These cases were recruited from a population of approximately 180 HH patients attending an endocrine clinic. We found a greater than expected number of IPD patients in this HH population. As the prevalence of IPD in the general population is approximately 1:1000 under the age of 65 years,10 and the majority of our HH patients (68%) were under this age, we would expect no more than one case of IPD in this population of HH patients. Despite this, these cases may represent the chance occurrence of two common diseases.

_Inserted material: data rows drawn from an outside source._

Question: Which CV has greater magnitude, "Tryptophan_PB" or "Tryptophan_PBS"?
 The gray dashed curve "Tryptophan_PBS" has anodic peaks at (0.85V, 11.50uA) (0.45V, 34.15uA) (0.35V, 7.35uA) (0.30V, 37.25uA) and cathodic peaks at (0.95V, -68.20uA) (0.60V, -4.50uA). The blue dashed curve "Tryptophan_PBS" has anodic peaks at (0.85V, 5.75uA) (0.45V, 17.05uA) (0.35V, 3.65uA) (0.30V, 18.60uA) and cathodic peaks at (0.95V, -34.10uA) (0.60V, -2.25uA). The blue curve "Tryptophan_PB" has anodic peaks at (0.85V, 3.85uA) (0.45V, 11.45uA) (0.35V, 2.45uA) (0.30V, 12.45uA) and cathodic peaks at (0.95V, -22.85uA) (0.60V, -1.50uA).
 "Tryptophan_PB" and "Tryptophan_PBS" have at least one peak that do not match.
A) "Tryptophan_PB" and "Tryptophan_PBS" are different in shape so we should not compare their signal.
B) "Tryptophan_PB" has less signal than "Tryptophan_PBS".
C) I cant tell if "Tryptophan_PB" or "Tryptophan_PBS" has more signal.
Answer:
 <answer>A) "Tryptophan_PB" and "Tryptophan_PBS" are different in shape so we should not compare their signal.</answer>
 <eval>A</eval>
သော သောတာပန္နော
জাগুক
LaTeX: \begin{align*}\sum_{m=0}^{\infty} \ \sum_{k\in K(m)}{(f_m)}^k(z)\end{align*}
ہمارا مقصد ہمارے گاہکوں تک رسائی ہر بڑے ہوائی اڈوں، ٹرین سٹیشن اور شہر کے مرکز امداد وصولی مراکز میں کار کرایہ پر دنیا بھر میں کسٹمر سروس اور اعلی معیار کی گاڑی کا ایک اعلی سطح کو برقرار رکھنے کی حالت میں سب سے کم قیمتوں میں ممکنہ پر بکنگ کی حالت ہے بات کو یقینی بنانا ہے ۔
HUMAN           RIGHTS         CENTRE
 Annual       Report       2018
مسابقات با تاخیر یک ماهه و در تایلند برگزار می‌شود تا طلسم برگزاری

In our cases, while there was no fixed chronological relationship between the diagnoses, it seems likely that the diagnosis of HH lay undetected for several years. Cases 2 and 4 developed IPD 12 and 13 years respectively after diagnosis of HH. In cases 1 and 3, it is likely that systemic iron overload was present for some years before either diagnosis, given the hepatic siderosis confirmed by biopsy. Both diseases have a considerable incubation time during which pathological progression is clinically silent. The average age at diagnosis of HH was 58.5 years (range 49–70), while the average age at diagnosis of IPD was 60.25 years (range 55–63). Only in case 3 did the neurological manifestations precede the diagnosis of HH. Detection of HH in these cases was through family screening and serendipity. In the general HH population the average time from symptom onset to diagnosis of HH is 10 years.11 Therefore, development of HH probably preceded development of neurological symptoms in these four cases, including case 3. Of importance was the presence of systemic iron overload in all.
There have been three previous reports of concurrent parkinsonism and HH.2–4 These cases exhibited diverse clinical signs such as cognitive decline, fluctuating level of consciousness, ataxia, pyramidal deficits, and parkinsonism, therefore clearly not representing IPD. In contrast, our cases are characterised by typical age of onset, typical symptoms and signs, L-dopa responsiveness, gradual progression and no atypical features such as early postural instability, early freezing phenomena, hallucinations unrelated to medications in first 3 years, early dementia preceding motor symptoms, supranuclear gaze palsy, slowing of vertical saccades, or severe symptomatic dysautonomia unrelated to medications.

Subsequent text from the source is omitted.